Starting at the line that contains "<!-- generated by Finnhub -->" and ending at the line that contains "55.5 V 55.5", the lines below are to be given again exactly, with nothing added.

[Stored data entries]
---
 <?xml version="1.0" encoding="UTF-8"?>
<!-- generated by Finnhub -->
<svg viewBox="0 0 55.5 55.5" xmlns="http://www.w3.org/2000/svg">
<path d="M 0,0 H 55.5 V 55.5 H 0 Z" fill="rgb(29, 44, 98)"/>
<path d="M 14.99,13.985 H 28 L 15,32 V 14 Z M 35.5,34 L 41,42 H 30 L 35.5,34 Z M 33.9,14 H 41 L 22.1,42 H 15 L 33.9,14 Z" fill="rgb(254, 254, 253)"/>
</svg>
---
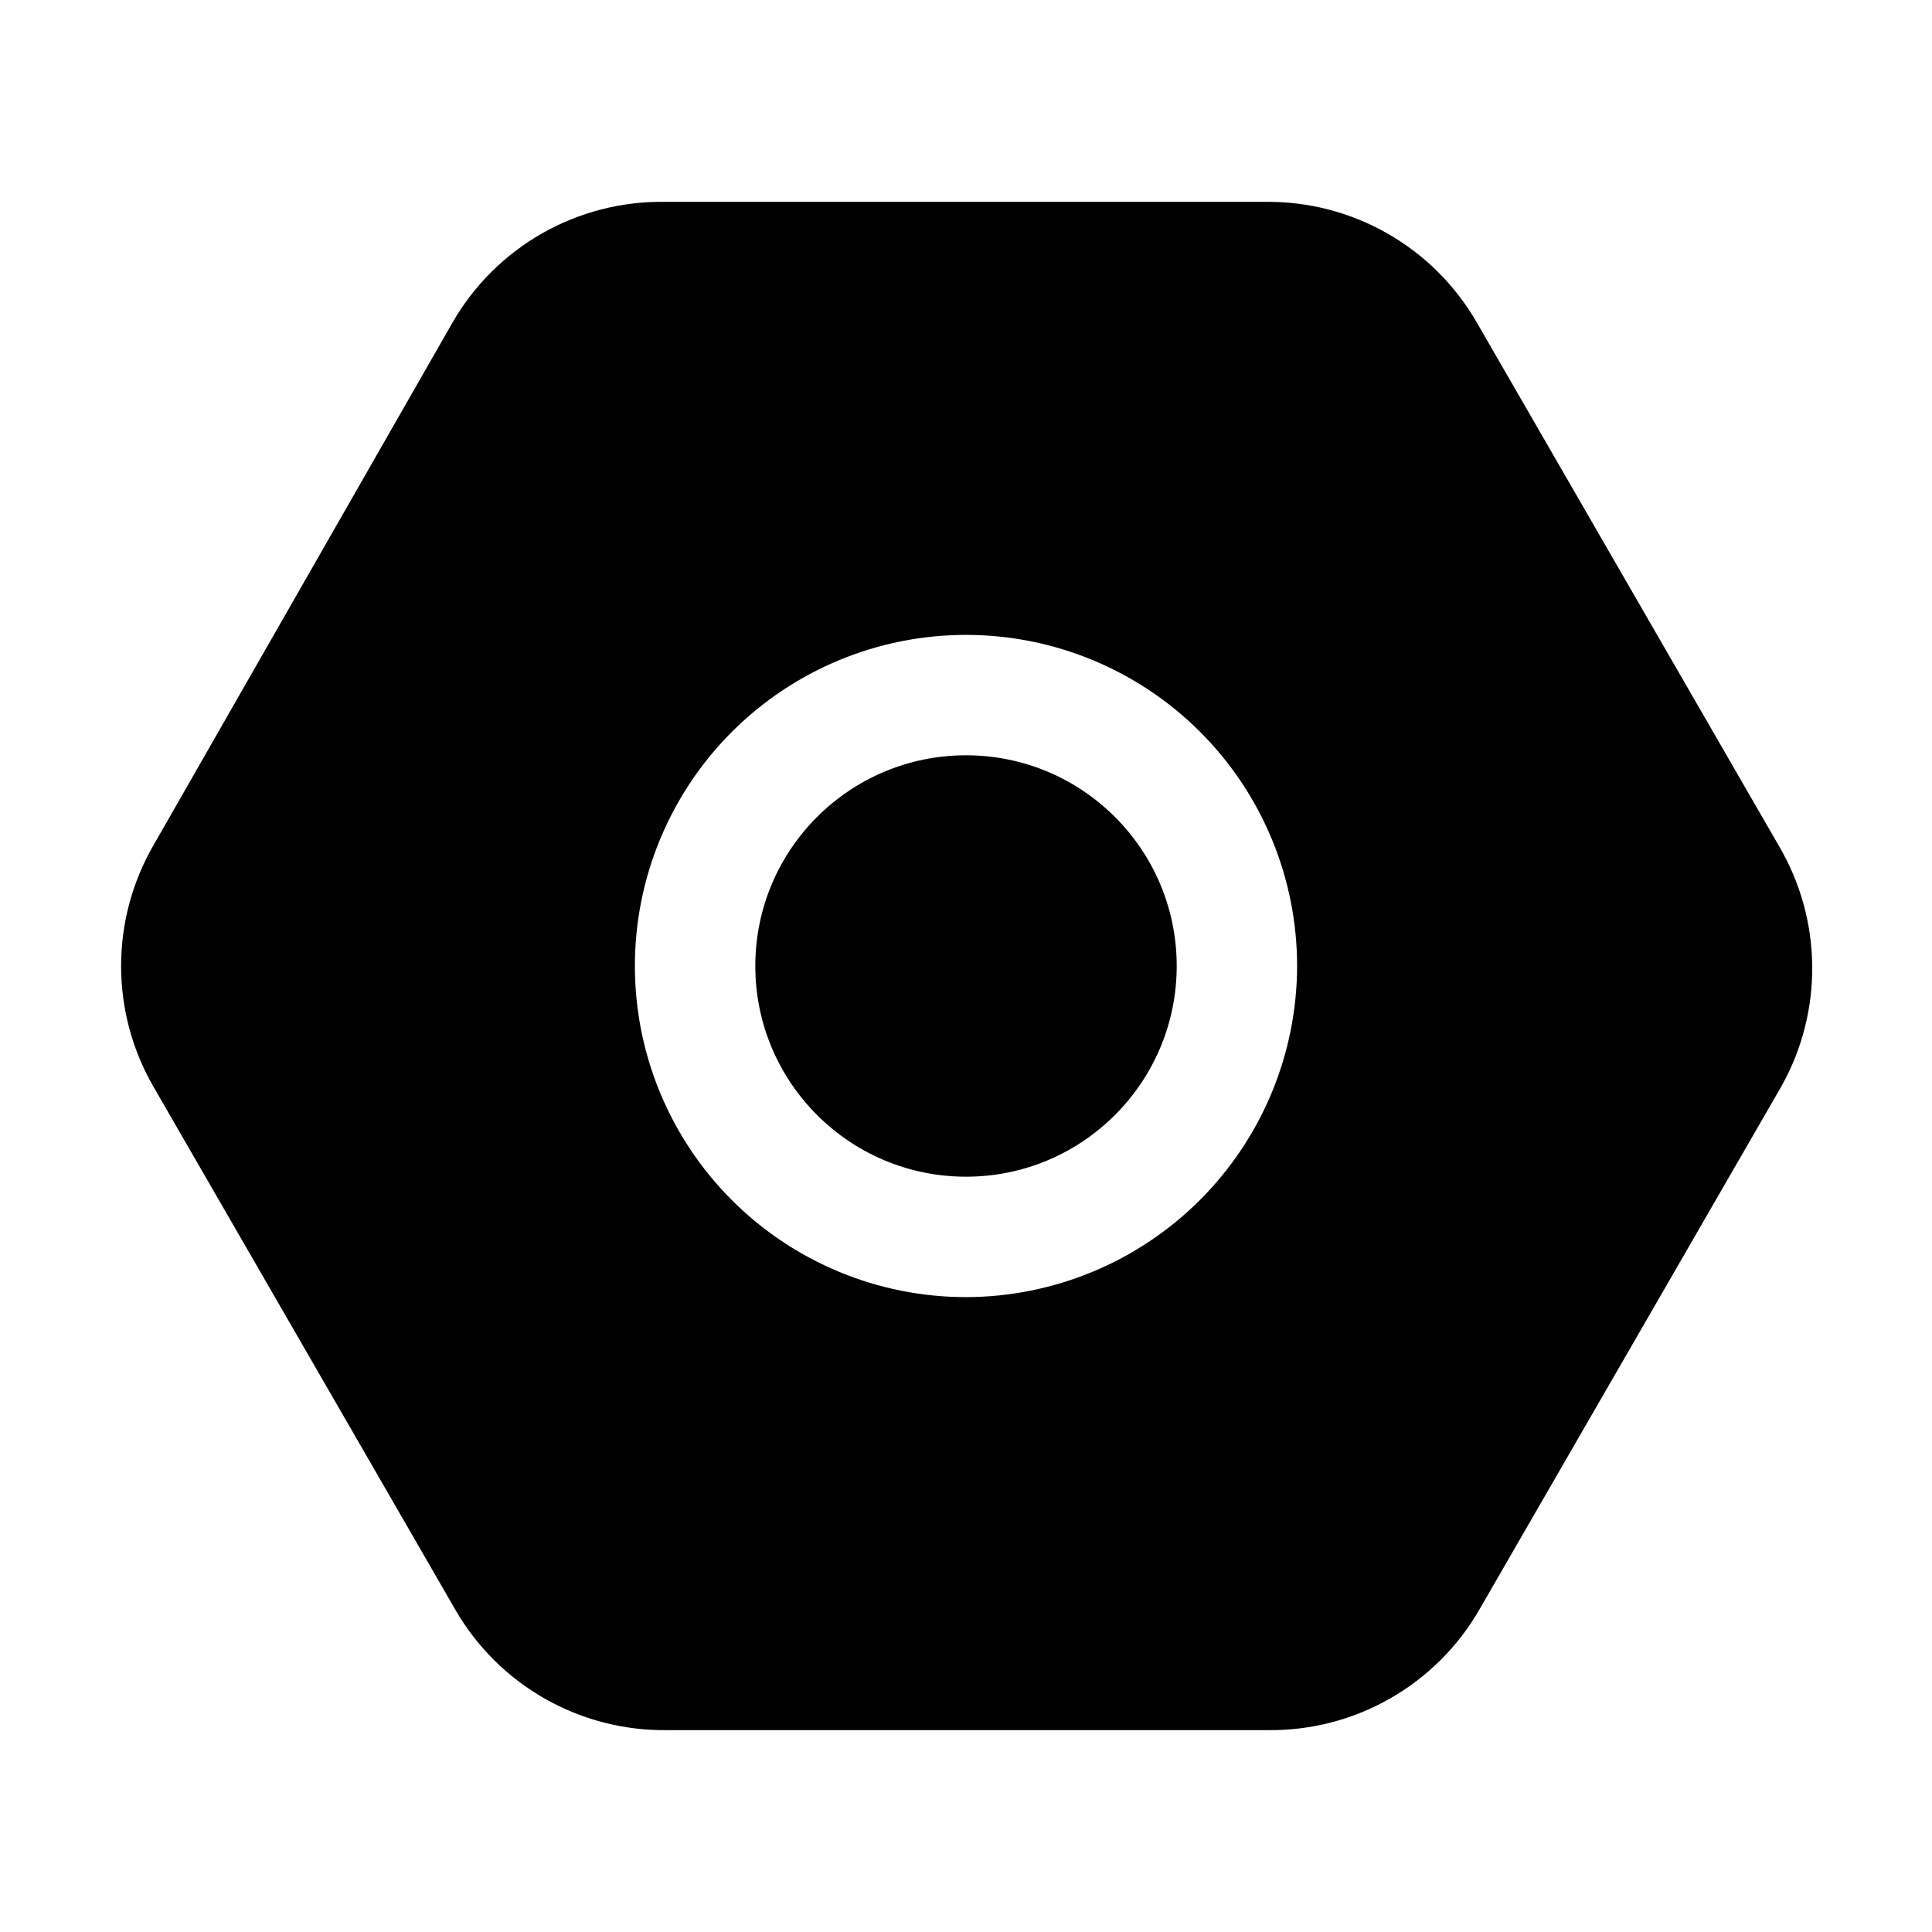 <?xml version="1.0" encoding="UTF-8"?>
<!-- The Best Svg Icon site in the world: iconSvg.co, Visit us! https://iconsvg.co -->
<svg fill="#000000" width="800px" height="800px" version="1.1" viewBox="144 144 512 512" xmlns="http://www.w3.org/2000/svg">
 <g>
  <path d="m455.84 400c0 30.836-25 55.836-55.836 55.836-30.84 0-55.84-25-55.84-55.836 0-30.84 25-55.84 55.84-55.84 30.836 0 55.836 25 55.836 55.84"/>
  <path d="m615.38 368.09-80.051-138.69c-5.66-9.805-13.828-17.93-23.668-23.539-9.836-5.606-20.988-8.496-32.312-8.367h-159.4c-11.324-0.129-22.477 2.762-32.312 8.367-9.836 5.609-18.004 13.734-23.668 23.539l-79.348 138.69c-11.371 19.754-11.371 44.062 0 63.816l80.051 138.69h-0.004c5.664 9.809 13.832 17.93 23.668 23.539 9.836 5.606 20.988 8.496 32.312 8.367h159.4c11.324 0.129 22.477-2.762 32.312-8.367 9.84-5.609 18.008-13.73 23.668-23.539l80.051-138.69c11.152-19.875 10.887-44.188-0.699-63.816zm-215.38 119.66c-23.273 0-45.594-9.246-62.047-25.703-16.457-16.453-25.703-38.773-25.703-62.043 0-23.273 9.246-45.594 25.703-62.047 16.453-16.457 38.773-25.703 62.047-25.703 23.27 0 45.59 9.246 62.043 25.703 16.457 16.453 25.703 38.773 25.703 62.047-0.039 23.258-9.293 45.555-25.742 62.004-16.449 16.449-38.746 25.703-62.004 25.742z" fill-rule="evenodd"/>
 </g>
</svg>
---
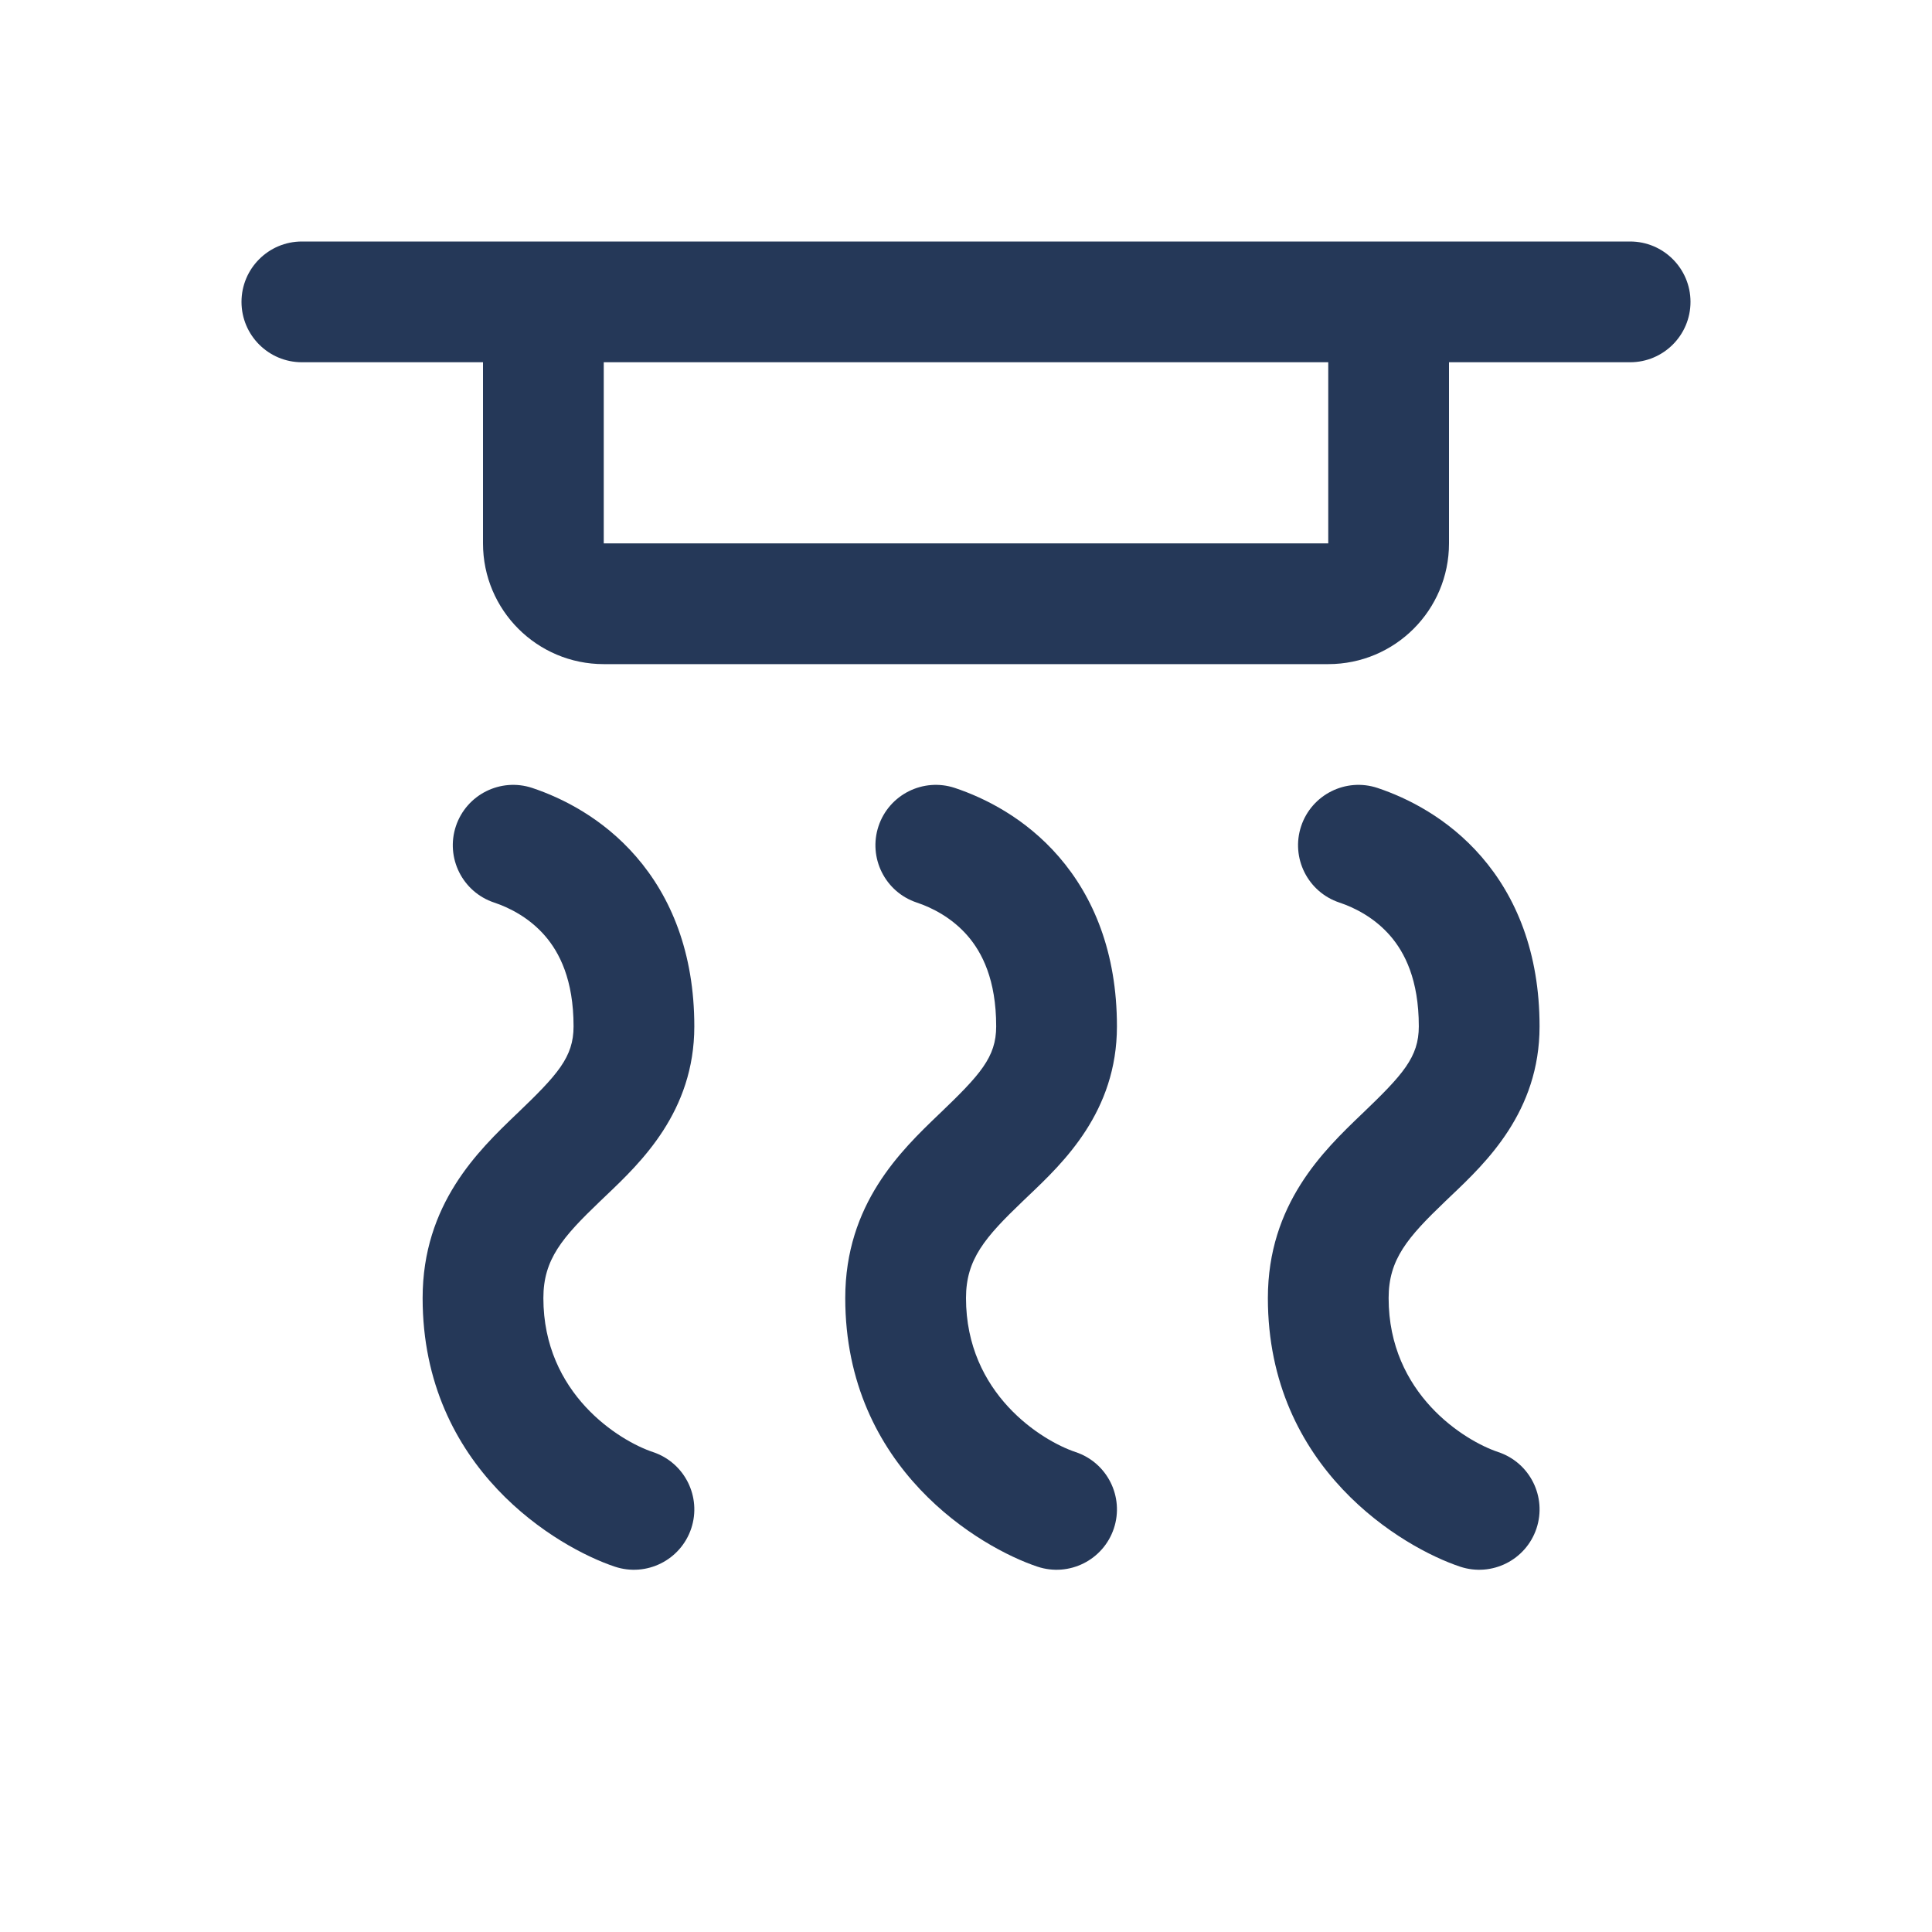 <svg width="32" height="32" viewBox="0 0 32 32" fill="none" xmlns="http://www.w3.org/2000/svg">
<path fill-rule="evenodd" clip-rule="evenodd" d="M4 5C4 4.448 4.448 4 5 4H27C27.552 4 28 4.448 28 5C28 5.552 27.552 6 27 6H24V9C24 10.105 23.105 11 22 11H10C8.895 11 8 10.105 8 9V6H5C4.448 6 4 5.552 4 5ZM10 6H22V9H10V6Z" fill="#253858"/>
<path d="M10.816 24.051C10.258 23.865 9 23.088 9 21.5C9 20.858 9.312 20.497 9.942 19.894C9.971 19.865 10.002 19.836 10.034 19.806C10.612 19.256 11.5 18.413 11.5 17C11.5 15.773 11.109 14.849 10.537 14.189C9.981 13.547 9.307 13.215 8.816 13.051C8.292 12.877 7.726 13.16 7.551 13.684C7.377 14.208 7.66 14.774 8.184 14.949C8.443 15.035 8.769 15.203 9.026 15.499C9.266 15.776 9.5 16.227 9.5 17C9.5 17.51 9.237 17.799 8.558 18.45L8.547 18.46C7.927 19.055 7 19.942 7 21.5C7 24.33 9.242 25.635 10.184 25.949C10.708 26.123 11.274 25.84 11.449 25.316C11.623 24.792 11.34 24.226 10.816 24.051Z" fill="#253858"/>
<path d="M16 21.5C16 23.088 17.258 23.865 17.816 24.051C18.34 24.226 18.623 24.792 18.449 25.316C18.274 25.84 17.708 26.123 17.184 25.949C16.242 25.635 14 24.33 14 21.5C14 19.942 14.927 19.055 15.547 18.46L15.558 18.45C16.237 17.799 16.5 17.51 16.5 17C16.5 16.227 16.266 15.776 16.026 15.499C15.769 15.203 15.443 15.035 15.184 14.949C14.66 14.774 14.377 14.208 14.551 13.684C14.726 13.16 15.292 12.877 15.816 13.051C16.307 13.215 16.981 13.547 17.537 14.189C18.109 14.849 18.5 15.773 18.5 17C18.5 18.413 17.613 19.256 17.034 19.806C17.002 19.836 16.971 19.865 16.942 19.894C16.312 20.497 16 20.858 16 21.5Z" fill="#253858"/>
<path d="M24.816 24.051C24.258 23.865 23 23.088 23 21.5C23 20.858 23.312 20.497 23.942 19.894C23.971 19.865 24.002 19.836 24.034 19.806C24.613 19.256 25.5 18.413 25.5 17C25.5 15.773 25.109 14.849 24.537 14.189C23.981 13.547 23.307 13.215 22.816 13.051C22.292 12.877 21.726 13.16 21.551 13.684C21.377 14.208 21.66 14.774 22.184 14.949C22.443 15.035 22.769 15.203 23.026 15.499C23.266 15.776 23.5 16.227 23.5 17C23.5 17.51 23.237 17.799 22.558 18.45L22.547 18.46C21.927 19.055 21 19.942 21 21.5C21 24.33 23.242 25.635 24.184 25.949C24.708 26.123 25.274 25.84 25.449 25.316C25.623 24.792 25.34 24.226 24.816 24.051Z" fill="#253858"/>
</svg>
---
▶ _EXERCISE RESULT_
<!-- generated by Finnhub -->
<svg viewBox="0 0 55.5 55.5" xmlns="http://www.w3.org/2000/svg">
<path d="M 0,0 H 55.5 V 55.5 H 0 Z" fill="rgb(29, 44, 98)"/>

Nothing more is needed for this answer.